In your copy, repeat each record exactly and include no pictures.

══════

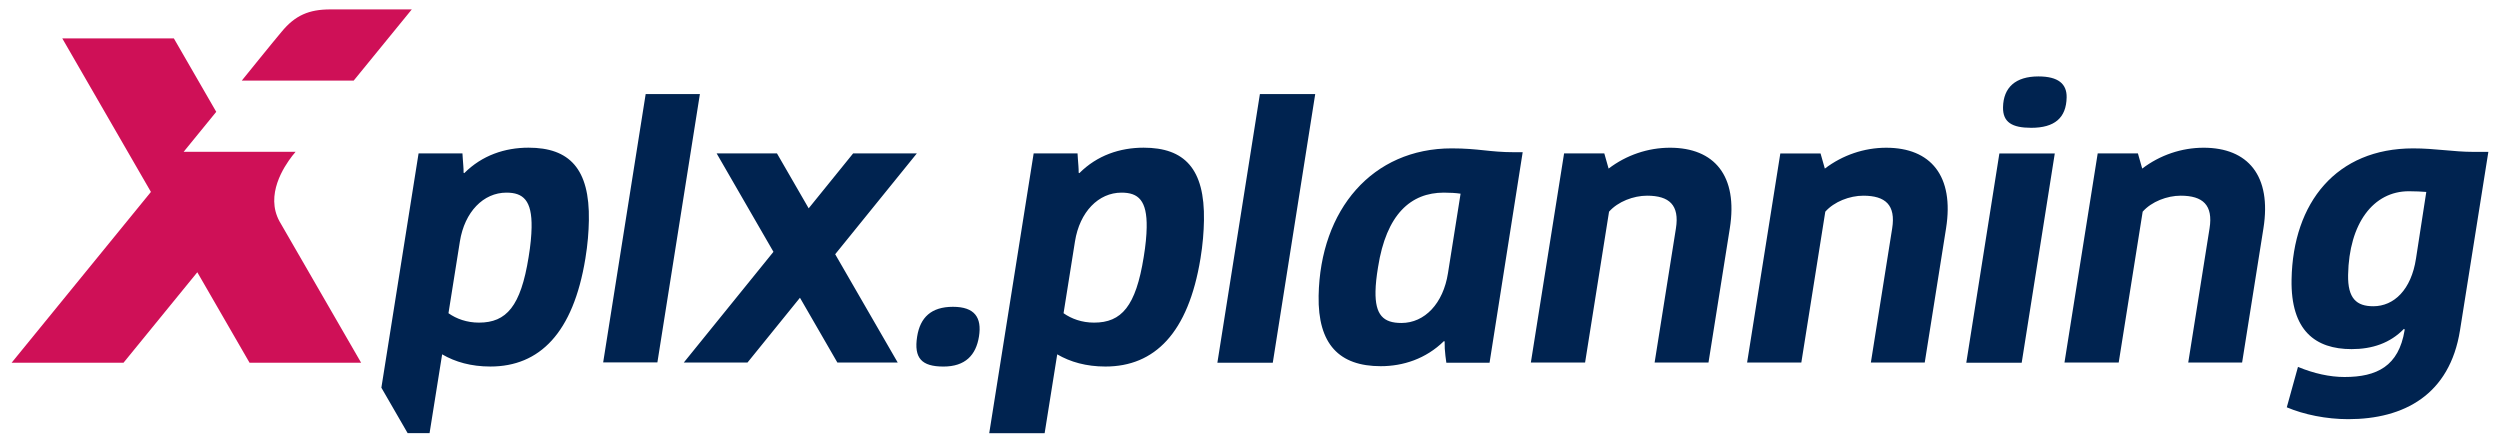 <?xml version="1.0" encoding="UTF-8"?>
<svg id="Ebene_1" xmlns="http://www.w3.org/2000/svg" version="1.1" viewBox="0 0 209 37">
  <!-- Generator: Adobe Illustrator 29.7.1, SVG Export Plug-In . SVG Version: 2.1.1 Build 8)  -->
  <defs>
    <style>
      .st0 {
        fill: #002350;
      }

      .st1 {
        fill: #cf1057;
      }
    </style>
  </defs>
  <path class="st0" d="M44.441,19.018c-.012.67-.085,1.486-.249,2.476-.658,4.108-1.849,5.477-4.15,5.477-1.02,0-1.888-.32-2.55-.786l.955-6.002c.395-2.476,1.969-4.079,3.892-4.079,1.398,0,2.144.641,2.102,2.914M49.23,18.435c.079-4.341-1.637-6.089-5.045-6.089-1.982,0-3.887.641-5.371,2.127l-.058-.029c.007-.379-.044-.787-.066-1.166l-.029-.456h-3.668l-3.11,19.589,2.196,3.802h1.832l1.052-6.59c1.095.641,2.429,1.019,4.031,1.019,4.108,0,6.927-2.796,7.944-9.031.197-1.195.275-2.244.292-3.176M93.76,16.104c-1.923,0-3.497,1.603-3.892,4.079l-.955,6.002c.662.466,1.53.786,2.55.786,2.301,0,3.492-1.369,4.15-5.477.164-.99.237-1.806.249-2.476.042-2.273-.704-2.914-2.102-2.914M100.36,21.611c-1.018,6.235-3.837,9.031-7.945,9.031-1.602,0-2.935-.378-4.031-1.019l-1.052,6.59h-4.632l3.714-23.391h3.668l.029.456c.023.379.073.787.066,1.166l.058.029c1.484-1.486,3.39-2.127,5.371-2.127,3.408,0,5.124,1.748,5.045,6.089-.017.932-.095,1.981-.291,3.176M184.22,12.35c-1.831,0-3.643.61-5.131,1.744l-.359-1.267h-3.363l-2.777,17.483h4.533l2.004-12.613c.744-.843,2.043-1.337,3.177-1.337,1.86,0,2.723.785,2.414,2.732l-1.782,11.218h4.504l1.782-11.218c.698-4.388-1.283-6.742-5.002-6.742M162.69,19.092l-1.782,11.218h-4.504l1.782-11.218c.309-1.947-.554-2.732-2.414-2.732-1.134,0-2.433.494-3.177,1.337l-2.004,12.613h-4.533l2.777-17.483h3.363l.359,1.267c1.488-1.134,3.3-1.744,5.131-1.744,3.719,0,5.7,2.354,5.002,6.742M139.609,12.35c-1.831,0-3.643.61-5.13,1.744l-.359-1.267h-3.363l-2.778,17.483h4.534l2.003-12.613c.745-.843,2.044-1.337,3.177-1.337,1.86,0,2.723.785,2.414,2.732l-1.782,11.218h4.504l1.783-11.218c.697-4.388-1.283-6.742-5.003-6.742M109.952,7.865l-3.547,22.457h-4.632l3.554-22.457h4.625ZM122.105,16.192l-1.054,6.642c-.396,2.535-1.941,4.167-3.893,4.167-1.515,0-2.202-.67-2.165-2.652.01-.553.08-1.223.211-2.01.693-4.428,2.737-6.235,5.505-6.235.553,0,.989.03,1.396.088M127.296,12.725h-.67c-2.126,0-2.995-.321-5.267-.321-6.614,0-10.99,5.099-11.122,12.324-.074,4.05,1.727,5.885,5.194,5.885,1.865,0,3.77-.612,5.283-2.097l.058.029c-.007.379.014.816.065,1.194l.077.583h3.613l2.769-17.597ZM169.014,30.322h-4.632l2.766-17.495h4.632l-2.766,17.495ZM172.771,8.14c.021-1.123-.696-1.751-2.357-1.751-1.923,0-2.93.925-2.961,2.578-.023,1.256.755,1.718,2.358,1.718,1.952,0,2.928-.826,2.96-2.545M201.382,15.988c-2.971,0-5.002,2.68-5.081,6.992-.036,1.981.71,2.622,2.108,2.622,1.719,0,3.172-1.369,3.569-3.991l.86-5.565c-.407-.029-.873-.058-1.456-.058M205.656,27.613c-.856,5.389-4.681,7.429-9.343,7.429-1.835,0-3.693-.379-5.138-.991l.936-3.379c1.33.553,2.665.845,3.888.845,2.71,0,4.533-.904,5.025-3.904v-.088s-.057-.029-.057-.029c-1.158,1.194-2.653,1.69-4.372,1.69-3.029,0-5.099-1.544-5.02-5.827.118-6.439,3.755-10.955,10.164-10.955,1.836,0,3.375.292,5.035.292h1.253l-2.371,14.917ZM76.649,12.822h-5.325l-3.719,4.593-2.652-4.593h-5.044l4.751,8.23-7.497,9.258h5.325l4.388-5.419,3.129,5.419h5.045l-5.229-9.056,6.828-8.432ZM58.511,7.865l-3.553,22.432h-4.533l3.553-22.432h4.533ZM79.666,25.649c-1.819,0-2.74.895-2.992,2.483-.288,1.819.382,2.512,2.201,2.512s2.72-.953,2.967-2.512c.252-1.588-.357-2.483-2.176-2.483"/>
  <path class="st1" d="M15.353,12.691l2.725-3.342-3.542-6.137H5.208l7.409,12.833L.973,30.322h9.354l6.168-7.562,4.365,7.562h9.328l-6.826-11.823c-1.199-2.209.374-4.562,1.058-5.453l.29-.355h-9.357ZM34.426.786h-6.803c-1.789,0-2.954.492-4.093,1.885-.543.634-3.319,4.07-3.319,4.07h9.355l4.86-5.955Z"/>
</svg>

══════

▶ **RESPONSE AREA**:
 <?xml version="1.0" encoding="UTF-8"?>
<svg id="Ebene_1" xmlns="http://www.w3.org/2000/svg" version="1.1" viewBox="0 0 209 37">
  <!-- Generator: Adobe Illustrator 29.7.1, SVG Export Plug-In . SVG Version: 2.1.1 Build 8)  -->
  <defs>
    <style>
      .st0 {
        fill: #002350;
      }

      .st1 {
        fill: #cf1057;
      }
    </style>
  </defs>
  <path class="st0" d="M44.441,19.018c-.012.67-.085,1.486-.249,2.476-.658,4.108-1.849,5.477-4.15,5.477-1.02,0-1.888-.32-2.55-.786l.955-6.002c.395-2.476,1.969-4.079,3.892-4.079,1.398,0,2.144.641,2.102,2.914M49.23,18.435c.079-4.341-1.637-6.089-5.045-6.089-1.982,0-3.887.641-5.371,2.127l-.058-.029c.007-.379-.044-.787-.066-1.166l-.029-.456h-3.668l-3.11,19.589,2.196,3.802h1.832l1.052-6.59c1.095.641,2.429,1.019,4.031,1.019,4.108,0,6.927-2.796,7.944-9.031.197-1.195.275-2.244.292-3.176M93.76,16.104c-1.923,0-3.497,1.603-3.892,4.079l-.955,6.002c.662.466,1.53.786,2.55.786,2.301,0,3.492-1.369,4.15-5.477.164-.99.237-1.806.249-2.476.042-2.273-.704-2.914-2.102-2.914M100.36,21.611c-1.018,6.235-3.837,9.031-7.945,9.031-1.602,0-2.935-.378-4.031-1.019l-1.052,6.59h-4.632l3.714-23.391h3.668l.029.456c.023.379.073.787.066,1.166l.058.029c1.484-1.486,3.39-2.127,5.371-2.127,3.408,0,5.124,1.748,5.045,6.089-.017.932-.095,1.981-.291,3.176M184.22,12.35c-1.831,0-3.643.61-5.131,1.744l-.359-1.267h-3.363l-2.777,17.483h4.533l2.004-12.613c.744-.843,2.043-1.337,3.177-1.337,1.86,0,2.723.785,2.414,2.732l-1.782,11.218h4.504l1.782-11.218c.698-4.388-1.283-6.742-5.002-6.742M162.69,19.092l-1.782,11.218h-4.504l1.782-11.218c.309-1.947-.554-2.732-2.414-2.732-1.134,0-2.433.494-3.177,1.337l-2.004,12.613h-4.533l2.777-17.483h3.363l.359,1.267c1.488-1.134,3.3-1.744,5.131-1.744,3.719,0,5.7,2.354,5.002,6.742M139.609,12.35c-1.831,0-3.643.61-5.13,1.744l-.359-1.267h-3.363l-2.778,17.483h4.534l2.003-12.613c.745-.843,2.044-1.337,3.177-1.337,1.86,0,2.723.785,2.414,2.732l-1.782,11.218h4.504l1.783-11.218c.697-4.388-1.283-6.742-5.003-6.742M109.952,7.865l-3.547,22.457h-4.632l3.554-22.457h4.625ZM122.105,16.192l-1.054,6.642c-.396,2.535-1.941,4.167-3.893,4.167-1.515,0-2.202-.67-2.165-2.652.01-.553.08-1.223.211-2.01.693-4.428,2.737-6.235,5.505-6.235.553,0,.989.03,1.396.088M127.296,12.725h-.67c-2.126,0-2.995-.321-5.267-.321-6.614,0-10.99,5.099-11.122,12.324-.074,4.05,1.727,5.885,5.194,5.885,1.865,0,3.77-.612,5.283-2.097l.058.029c-.007.379.014.816.065,1.194l.077.583h3.613l2.769-17.597ZM169.014,30.322h-4.632l2.766-17.495h4.632l-2.766,17.495ZM172.771,8.14c.021-1.123-.696-1.751-2.357-1.751-1.923,0-2.93.925-2.961,2.578-.023,1.256.755,1.718,2.358,1.718,1.952,0,2.928-.826,2.96-2.545M201.382,15.988c-2.971,0-5.002,2.68-5.081,6.992-.036,1.981.71,2.622,2.108,2.622,1.719,0,3.172-1.369,3.569-3.991l.86-5.565c-.407-.029-.873-.058-1.456-.058M205.656,27.613c-.856,5.389-4.681,7.429-9.343,7.429-1.835,0-3.693-.379-5.138-.991l.936-3.379c1.33.553,2.665.845,3.888.845,2.71,0,4.533-.904,5.025-3.904v-.088s-.057-.029-.057-.029c-1.158,1.194-2.653,1.69-4.372,1.69-3.029,0-5.099-1.544-5.02-5.827.118-6.439,3.755-10.955,10.164-10.955,1.836,0,3.375.292,5.035.292h1.253l-2.371,14.917ZM76.649,12.822h-5.325l-3.719,4.593-2.652-4.593h-5.044l4.751,8.23-7.497,9.258h5.325l4.388-5.419,3.129,5.419h5.045l-5.229-9.056,6.828-8.432ZM58.511,7.865l-3.553,22.432h-4.533l3.553-22.432h4.533ZM79.666,25.649c-1.819,0-2.74.895-2.992,2.483-.288,1.819.382,2.512,2.201,2.512s2.72-.953,2.967-2.512c.252-1.588-.357-2.483-2.176-2.483"/>
  <path class="st1" d="M15.353,12.691l2.725-3.342-3.542-6.137H5.208l7.409,12.833L.973,30.322h9.354l6.168-7.562,4.365,7.562h9.328l-6.826-11.823c-1.199-2.209.374-4.562,1.058-5.453l.29-.355h-9.357ZM34.426.786h-6.803c-1.789,0-2.954.492-4.093,1.885-.543.634-3.319,4.07-3.319,4.07h9.355l4.86-5.955Z"/>
</svg>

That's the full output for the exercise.